Küçüğüz ama çocuk olamıyoruz. Büyüğüz ama yetişkin olamıyoruz. Çocuk sahibiyiz ama anne ya da baba olamıyoruz. Cinsiyetlerimiz var ama kadın ya da erkek olmayı bilemiyoruz. Öğrenci, öğretmen, doktor gibi ünvanlarımız var ama öğrenci, öğretmen, doktor olamıyoruz. Arkadaşlarımız var ama dost olmayı bilemiyoruz. Kelimeleri kullanıyor ama iletişim kuramıyoruz. Sadece şu anda yaşayabiliyor ama şimdide kalamıyoruz.

Bir şey ile sınırlanmak istemiyor her şey olmaya çalışıyor ama hiçbir şey olamıyoruz. İşte o zaman varsayımlara sığınıyoruz. Güzel kelimeleri doğru kelimeler, sahte tevazuyu mütevazilik sanıyoruz; başımızı çevirirsek sorunların yok olacağını, iyi dileklerde bulunursak dünyanın iyi bir yer olacağını, inanca sığınırsak her şeyin yoluna gireceğini sanıyoruz. Çabalamadan elde edebileceğimizi, olanak tanınsa başaracağımızı, anlaşılsak beğenileceğimizi, adalet olsa mutlu olacağımızı, paramız olsa güvenliğimiz olacağını, yakınırsak ilgi göreceğimizi sanıyoruz. Kısacası sanrılar içinde yaşıyoruz.

Yapmamız gereken şey sanrılardan kurtulmak ve egomuzu gerçekleştirmek. Ego’nun aşılması ilk olarak onun gerçekleştirilmesi ile mümkündür. Bu tıpkı rallici olmadan önce otomobil kullanmayı öğrenmeye, yazar olmadan önce okuma yazma öğrenmeye, öğretmen olmadan önce öğrenci olmaya, yetişkin olmadan önce çocuk olmaya benzer. Bu sebeple de egoyu aşmak için ilk olarak egomuzu gerçekleştirmek lazımdır. Ego bizim “özgülüğümüz”dür. Yani —e özgü olma durumumuzdur.
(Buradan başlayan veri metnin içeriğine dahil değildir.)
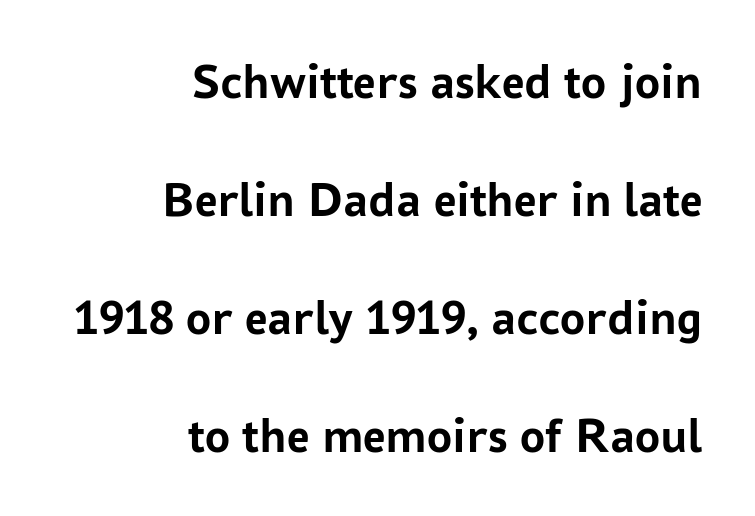
The image shows 50 px semibold sans-serif type, upright; set right-aligned, loose line spacing (2.36x), normal letter spacing, not underlined; low stroke contrast and a medium x-height.
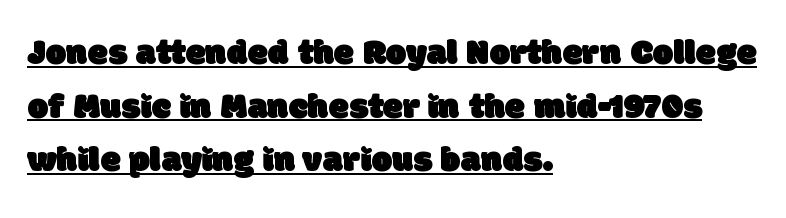
Q: Is the typeface a serif or a sans-serif typeface? A: Sans-serif.
Q: Is the text underlined? A: Yes.
Q: How is the paragraph aligned? A: Left-aligned.
Q: Is the spacing between letters normal or unusually wide? A: Normal.
Q: Is the spacing between lines tight, normal or loose? A: Normal.
Q: Width (condensed, normal, or wide)? A: Normal.
Q: Stroke contrast? A: Low.
Q: x-height? A: Large.
Q: Monospaced? A: No.
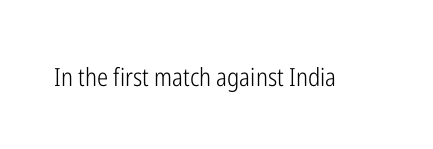
{"italic": "no", "bold": "no", "underline": "no", "letter_spacing": "normal", "letter_spacing_em": 0.0, "glyph_px": 25}
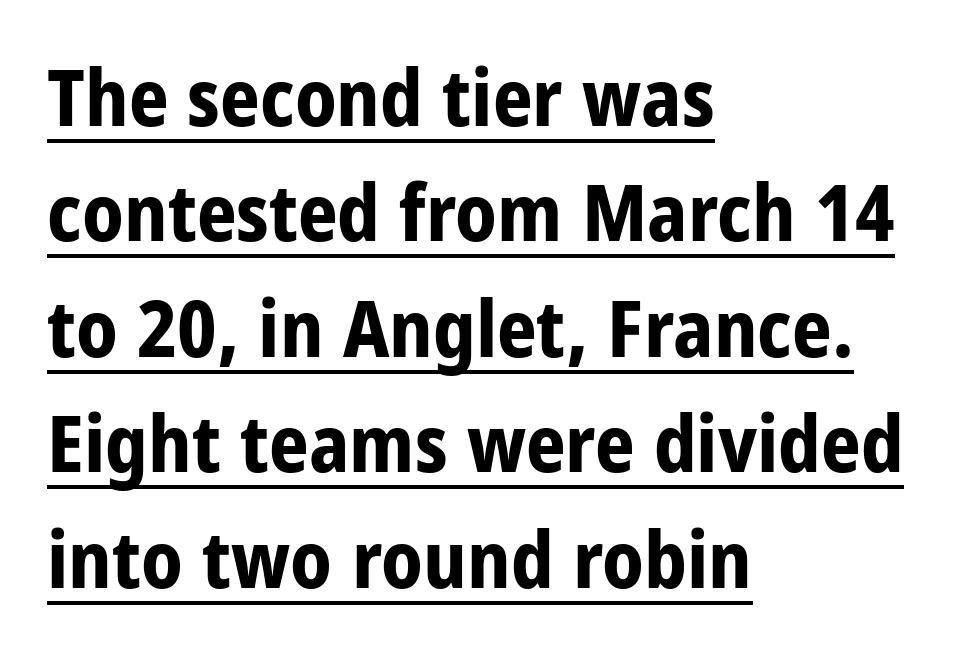
Q: Is the text bold? A: Yes.
Q: Is the text italic (slanted)? A: No, it is upright.
Q: Is the typeface a serif or a sans-serif typeface? A: Sans-serif.
Q: Is the text underlined? A: Yes.
Q: How is the paragraph aligned? A: Left-aligned.
Q: Is the spacing between letters normal or unusually wide? A: Normal.
Q: Is the spacing between lines tight, normal or loose? A: Normal.
Q: Width (condensed, normal, or wide)? A: Condensed.
Q: Stroke contrast? A: Low.
Q: x-height? A: Large.
Q: Monospaced? A: No.
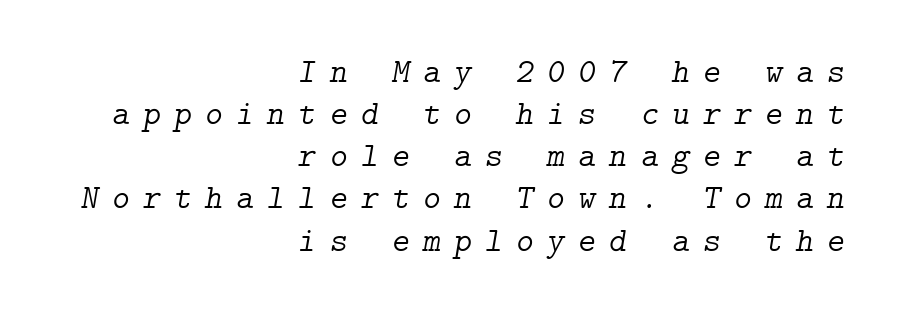
Q: Is the text bold? A: No.
Q: Is the text italic (slanted)? A: Yes, it leans right by about 9 degrees.
Q: Is the typeface a serif or a sans-serif typeface? A: Serif.
Q: Is the text underlined? A: No.
Q: How is the paragraph aligned? A: Right-aligned.
Q: Is the spacing between letters normal or unusually wide? A: Unusually wide.
Q: Width (condensed, normal, or wide)? A: Normal.
Q: Stroke contrast? A: Low.
Q: x-height? A: Medium.

Ne tür bir —e olma halimiz olduğunu öğrenmeden bunu aşmaya kalkmak mümkün değildir.

Bir ralliciye özgü yetenekleri olan bir insan aşçı, dansçı olmaya özgü yetenekleri olan bir insan bankacı, şifacı olmaya özgü nitelikleri olan bir insan mühendis olmak durumunda kalırsa nasıl mutsuz olur ve ne yapsa bu mutsuzluğunu geçiremez, kendini ifade edemezse aynı şekilde biz de egomuzu gerçekleştiremeden kendimizi gerçekleştiremeyiz. Kendini gerçekleştiremeyen bir insanın kendini aşması çok güçtür.

Bu sebeple bırakın varsayımları ve ilk olarak egonuzu tanıyın. Onu gerçekleştirin. Onu aşmanın başka bir yolu olmadığını göreceksiniz.

 

Cem Şen

1968 yılında doğdu. 1981 yılında savaş sanatları eğitimi almaya başladı. 1987 yılında Zen Budizm’in Türkiye’deki temsilcisi olan İlhan Güngören ile tanıştı ve 1987-1990 yılları arasında Güngören’in asistanlığını yaptı. Bir yandan Güngören’i Zen çalışmalarında ve Tai Chi Ch’uan derslerinde destekleyen Cem Şen aynı zamanda Namık Ekin, Mustafa Aygün gibi eğitmenlerle savaş sanatları eğitimini sürdürdü. 1990 yılında ilk çeviri eseri yayınlandı. Aynı yıl çalışmalarını tümüyle Taocu çalışmalara yönlendirdi. Sırasıyla Mantak Chia, Master Wang, Master Wu, Eric Steven Yudelove gibi ustalardan eğitim alan Cem Şen aynı zamanda bu ustalardan farklı Taocu sistemleri öğretme yetkisi de aldı. Halen ustalar ile çalışmalarını ve dünyanın farklı yerlerinde bulunan yaşayan büyük bilgelerle iletişimini ve arayışlarını sürdürmektedir. 1991 yılında Dharma Yayınları’nı ve ardından 2003 yılında bu yayınevinden ayrılarak Klan Yayınları’nı kurmuş olan Cem Şen’in içlerinde “Enerjinin Dansı: T’ai Chi Ch’uan” ve “Dolmuşa Binme ve Dolmuştan İnme Sanatında Zen” adlı kitaplarının da bulunduğu 8 kitabı ve yaklaşık 40’a yakın çeviri eseri bulunmaktadır.